# Work task:
Exact copy, pictures excluded: please retype every record below.

# Input data:
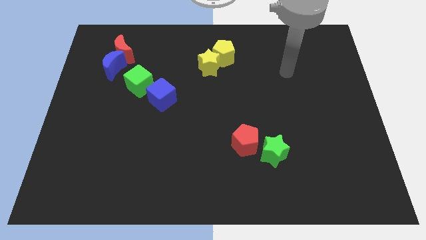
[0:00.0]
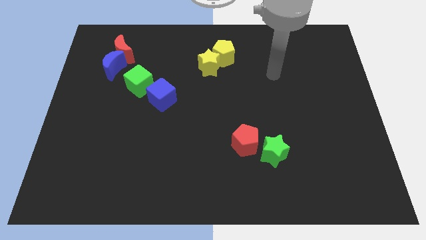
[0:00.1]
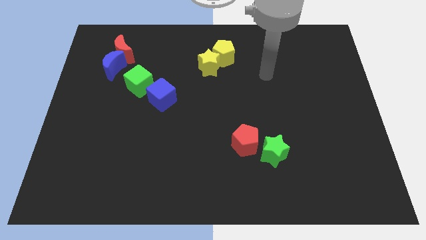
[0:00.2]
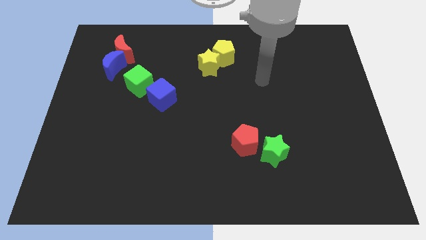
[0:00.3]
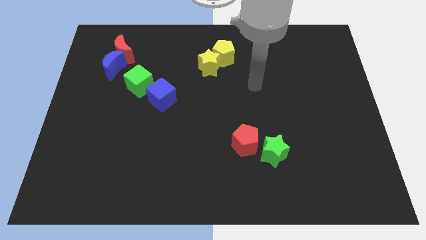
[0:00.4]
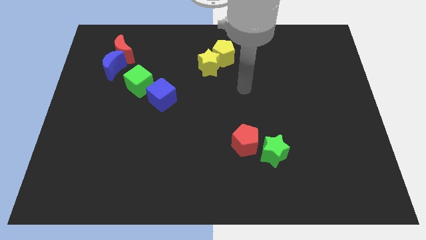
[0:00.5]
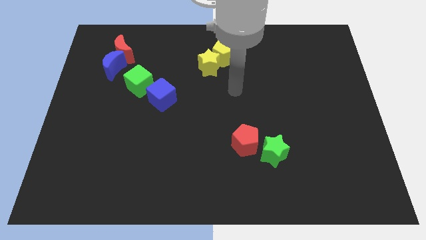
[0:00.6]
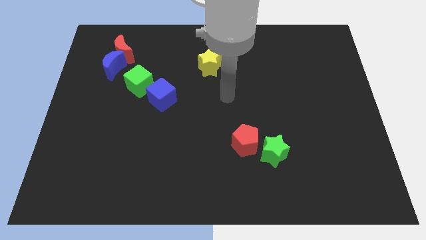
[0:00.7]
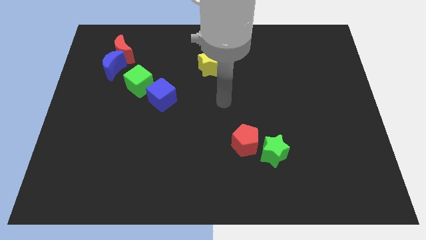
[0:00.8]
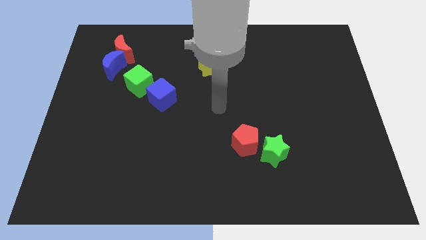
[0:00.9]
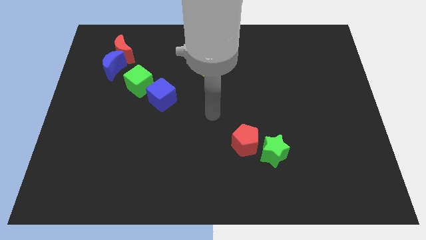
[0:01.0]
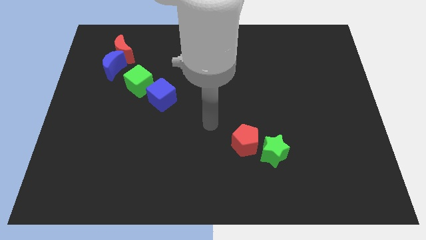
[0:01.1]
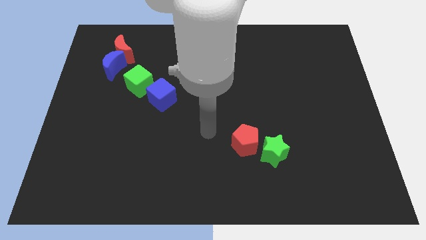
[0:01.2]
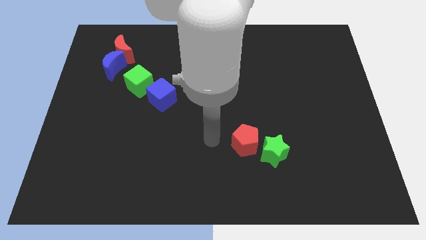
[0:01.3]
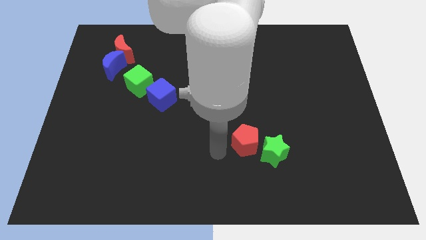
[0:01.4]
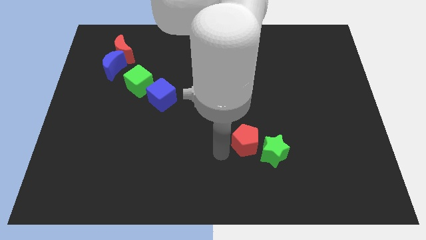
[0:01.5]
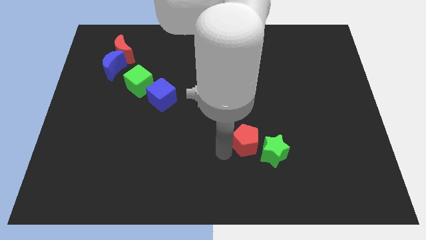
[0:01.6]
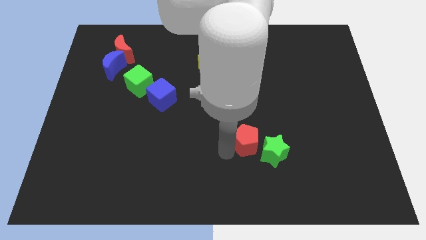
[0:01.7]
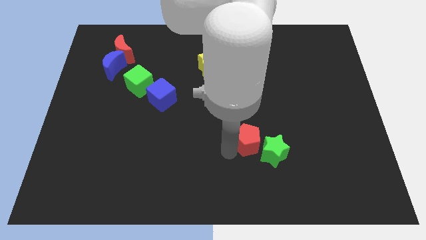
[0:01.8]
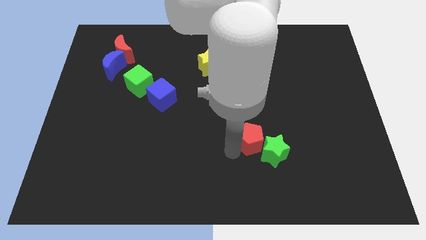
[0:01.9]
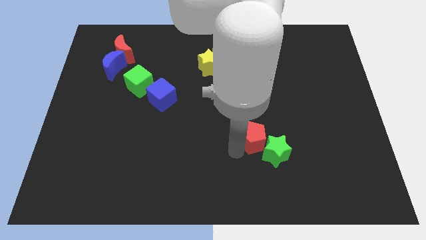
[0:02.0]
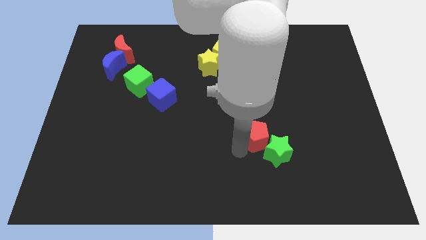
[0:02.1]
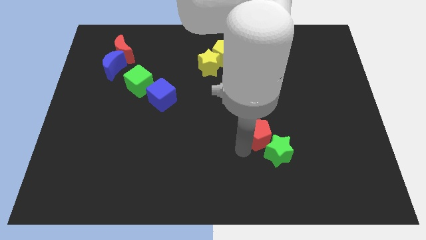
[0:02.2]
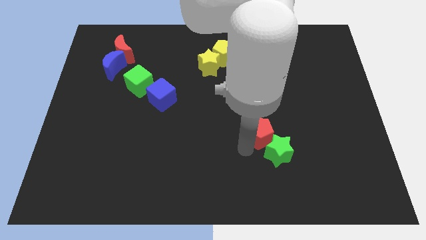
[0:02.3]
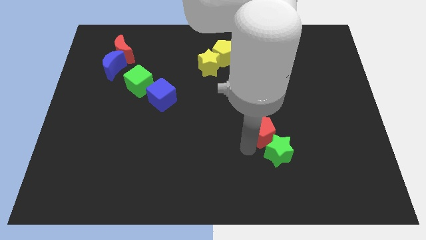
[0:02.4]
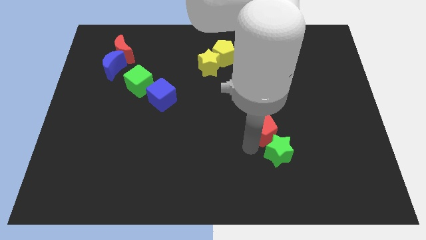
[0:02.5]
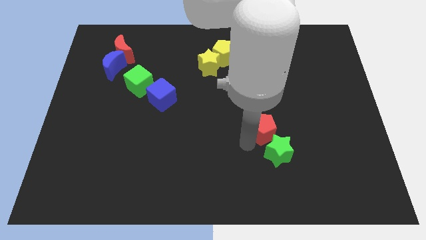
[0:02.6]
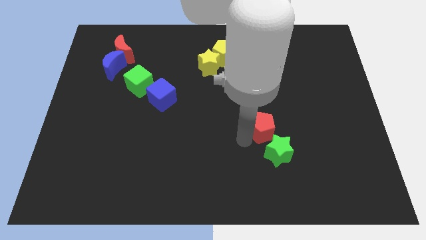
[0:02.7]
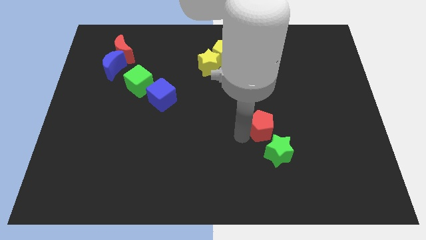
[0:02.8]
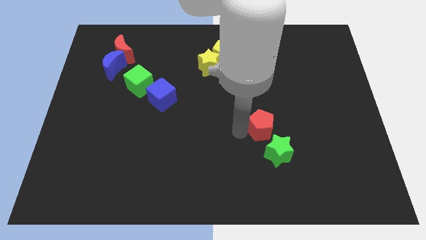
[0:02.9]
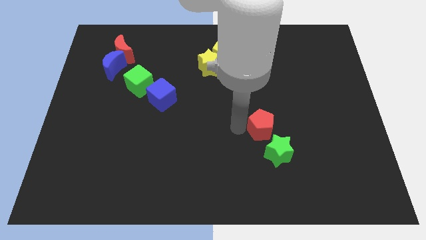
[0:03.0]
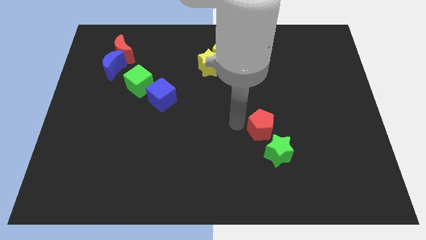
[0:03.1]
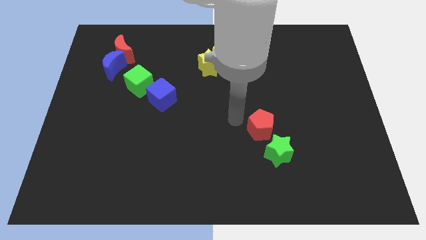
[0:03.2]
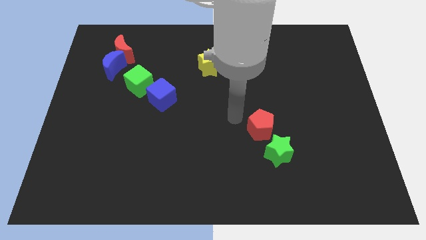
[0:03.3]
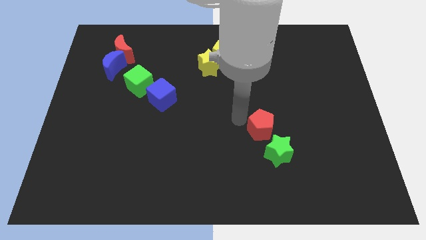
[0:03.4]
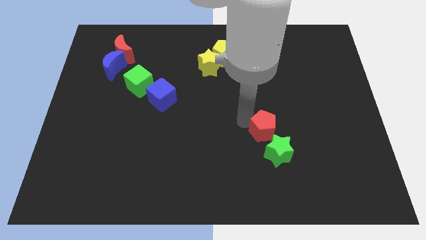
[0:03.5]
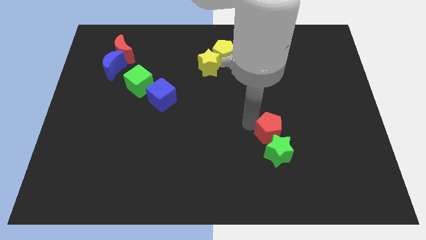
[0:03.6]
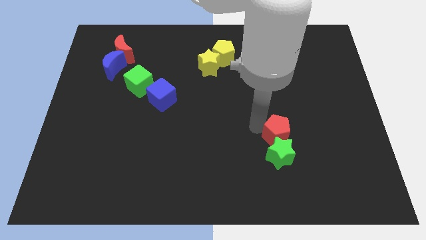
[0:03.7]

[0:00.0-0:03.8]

# Your response:
[0:00.0]
[0:00.1]
[0:00.2]
[0:00.3]
[0:00.4]
[0:00.5]
[0:00.6]
[0:00.7]
[0:00.8]
[0:00.9]
[0:01.0]
[0:01.1]
[0:01.2]
[0:01.3]
[0:01.4]
[0:01.5]
[0:01.6]
[0:01.7]
[0:01.8]
[0:01.9]
[0:02.0]
[0:02.1]
[0:02.2]
[0:02.3]
[0:02.4]
[0:02.5]
[0:02.6]
[0:02.7]
[0:02.8]
[0:02.9]
[0:03.0]
[0:03.1]
[0:03.2]
[0:03.3]
[0:03.4]
[0:03.5]
[0:03.6]
[0:03.7]

[0:00.0-0:03.8]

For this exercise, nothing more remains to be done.